To enable effective motion strategy fusion, a systematic evaluation of existing motion generation approaches and their limitations is essential. Current research focuses on two primary methodologies: trajectory planning-based and motion capture-based methods.
Trajectory planning-based motion generation aims to produce optimal motion trajectories that satisfy smoothness, feasibility, and energy efficiency under multiple constraints. Medeiros et al. [6] employed nonlinear programming to co-optimize base/wheel positions, interaction forces, and terrain information for wheeled-legged robots. Liu et al. [7] proposed a hierarchical framework combining front-end safety search, B-spline convex hull optimization, and iterative refinement, achieving 100% navigation success in static cluttered environments while reducing energy consumption. Song et al. [8] focused on energy-optimal jumping trajectory planning, enabling robots to overcome complex obstacles.

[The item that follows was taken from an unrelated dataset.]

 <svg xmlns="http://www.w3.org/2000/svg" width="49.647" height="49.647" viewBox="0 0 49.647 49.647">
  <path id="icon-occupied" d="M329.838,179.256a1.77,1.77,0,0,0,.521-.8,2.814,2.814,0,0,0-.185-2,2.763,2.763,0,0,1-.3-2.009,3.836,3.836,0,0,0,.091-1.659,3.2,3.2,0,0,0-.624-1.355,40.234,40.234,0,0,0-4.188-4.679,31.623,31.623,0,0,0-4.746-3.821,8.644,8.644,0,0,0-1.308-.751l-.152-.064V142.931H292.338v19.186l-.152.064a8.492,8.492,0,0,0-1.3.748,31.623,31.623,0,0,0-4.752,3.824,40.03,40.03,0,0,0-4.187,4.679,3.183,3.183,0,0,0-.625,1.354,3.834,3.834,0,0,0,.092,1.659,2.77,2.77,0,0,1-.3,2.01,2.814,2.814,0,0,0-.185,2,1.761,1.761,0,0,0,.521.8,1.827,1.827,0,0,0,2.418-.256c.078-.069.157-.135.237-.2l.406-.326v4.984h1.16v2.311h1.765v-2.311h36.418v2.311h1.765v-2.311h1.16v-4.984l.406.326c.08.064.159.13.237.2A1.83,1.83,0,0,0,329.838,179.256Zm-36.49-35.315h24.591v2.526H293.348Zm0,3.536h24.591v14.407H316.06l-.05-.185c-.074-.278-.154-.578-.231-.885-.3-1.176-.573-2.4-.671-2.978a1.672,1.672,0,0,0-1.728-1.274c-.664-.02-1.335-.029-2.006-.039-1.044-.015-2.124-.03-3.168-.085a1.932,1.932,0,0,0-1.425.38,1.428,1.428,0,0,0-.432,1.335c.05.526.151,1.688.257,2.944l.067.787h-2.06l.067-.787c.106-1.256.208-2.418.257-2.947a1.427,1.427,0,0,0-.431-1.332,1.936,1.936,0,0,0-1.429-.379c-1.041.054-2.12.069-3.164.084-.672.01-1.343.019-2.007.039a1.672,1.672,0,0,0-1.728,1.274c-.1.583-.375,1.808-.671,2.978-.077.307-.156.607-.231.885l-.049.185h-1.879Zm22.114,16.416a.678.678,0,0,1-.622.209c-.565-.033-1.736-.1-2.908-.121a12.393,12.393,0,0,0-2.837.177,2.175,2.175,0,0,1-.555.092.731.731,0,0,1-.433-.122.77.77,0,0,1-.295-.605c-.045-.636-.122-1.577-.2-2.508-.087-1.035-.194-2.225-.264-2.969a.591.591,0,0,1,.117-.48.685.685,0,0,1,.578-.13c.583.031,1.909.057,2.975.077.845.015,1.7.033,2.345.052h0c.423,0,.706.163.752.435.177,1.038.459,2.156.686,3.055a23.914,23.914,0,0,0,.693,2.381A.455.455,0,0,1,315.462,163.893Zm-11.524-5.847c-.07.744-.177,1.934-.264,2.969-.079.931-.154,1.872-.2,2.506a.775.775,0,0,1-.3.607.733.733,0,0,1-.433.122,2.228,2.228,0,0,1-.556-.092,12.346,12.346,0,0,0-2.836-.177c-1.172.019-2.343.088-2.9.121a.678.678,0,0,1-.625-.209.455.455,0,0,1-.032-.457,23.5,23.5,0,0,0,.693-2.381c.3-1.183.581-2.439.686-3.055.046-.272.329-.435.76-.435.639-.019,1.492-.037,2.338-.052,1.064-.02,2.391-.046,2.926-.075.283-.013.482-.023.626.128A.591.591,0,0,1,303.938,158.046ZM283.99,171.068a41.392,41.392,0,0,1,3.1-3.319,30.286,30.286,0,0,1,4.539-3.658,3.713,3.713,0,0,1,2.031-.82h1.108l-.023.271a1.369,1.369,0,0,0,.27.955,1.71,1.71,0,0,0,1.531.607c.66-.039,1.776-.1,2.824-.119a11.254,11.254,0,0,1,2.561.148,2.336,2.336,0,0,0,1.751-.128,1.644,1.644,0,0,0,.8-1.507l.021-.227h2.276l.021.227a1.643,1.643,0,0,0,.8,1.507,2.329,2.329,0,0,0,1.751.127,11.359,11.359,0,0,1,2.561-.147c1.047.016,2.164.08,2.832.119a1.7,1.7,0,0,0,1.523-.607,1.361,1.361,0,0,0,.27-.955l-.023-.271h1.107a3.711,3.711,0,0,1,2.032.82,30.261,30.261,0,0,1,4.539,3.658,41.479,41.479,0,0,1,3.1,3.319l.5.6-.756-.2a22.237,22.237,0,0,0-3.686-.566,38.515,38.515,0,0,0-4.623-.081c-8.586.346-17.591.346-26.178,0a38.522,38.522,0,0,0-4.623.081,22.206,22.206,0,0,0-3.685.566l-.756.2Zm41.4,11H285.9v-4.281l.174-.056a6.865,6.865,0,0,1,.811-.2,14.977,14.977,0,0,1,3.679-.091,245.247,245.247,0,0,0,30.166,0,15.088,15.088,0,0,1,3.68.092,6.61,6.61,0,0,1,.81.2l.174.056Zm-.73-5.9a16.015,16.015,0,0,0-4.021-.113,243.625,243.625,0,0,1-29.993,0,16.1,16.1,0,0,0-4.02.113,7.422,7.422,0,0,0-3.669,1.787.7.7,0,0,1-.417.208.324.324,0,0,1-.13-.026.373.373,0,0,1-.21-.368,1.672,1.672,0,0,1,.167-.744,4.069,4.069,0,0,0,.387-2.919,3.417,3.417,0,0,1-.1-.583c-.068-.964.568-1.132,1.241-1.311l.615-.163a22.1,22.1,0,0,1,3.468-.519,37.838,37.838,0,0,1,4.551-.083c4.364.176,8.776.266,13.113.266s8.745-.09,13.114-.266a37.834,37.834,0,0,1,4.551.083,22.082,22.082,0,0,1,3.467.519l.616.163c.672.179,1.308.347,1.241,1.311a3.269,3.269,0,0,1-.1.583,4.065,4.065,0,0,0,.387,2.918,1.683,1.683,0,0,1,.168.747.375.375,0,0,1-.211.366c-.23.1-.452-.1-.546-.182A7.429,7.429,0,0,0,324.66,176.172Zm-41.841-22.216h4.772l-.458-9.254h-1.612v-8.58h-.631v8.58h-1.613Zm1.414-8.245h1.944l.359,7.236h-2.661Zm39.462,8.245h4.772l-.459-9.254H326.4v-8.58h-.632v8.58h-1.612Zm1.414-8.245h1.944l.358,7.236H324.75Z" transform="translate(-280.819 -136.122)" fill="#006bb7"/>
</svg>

Motion data-driven generation methods leverage biological motion characteristics to create robust, lifelike, and generalizable quadruped motions. Ju et al. [9] pioneered the cross-validation of spiral theory stability models with biological gait data, systematically revealing the dynamic advantages of common gait sequences. Yao et al. [10] developed a video-based biomimetic adaptation network, using deep learning to extract spatiotemporal key features from animal motions and transferring them via a motion adapter. Motion video tracking captures actions from videos and extracts corresponding trajectories for motion generation. Additionally, motion capture technology provides high-precision motion data. Li et al. [3] adopted multimodal motion primitive encoding to decouple cross-scale motion features from canine multi-terrain motion capture data. Fawcett et al. [11] developed a data-driven template-based hierarchical control method for the real-time planning and control of dynamic quadruped robots.
In recent years, reinforcement learning (RL)-based motion control has emerged as a unified framework for robotic locomotion [12]. RL has become a promising paradigm for developing robust legged movement control strategies [13,14,15], enabling agents to learn motion generation policies directly through environmental interactions [16]. Remarkable achievements include agile behaviors such as balancing, running, jumping, and robust walking under environmental uncertainties [17]. Hwangbo et al. [18] established a sim-to-real transfer framework with data-driven actuator modeling. Bellegarda et al. [19] addressed unstructured terrain disturbances via a hybrid RL framework for dynamic jumping control. Azimi and Hoseinnezhad [20] proposed a hierarchical RL framework to enhance the stability and adaptability of quadruped robots in dynamic environments.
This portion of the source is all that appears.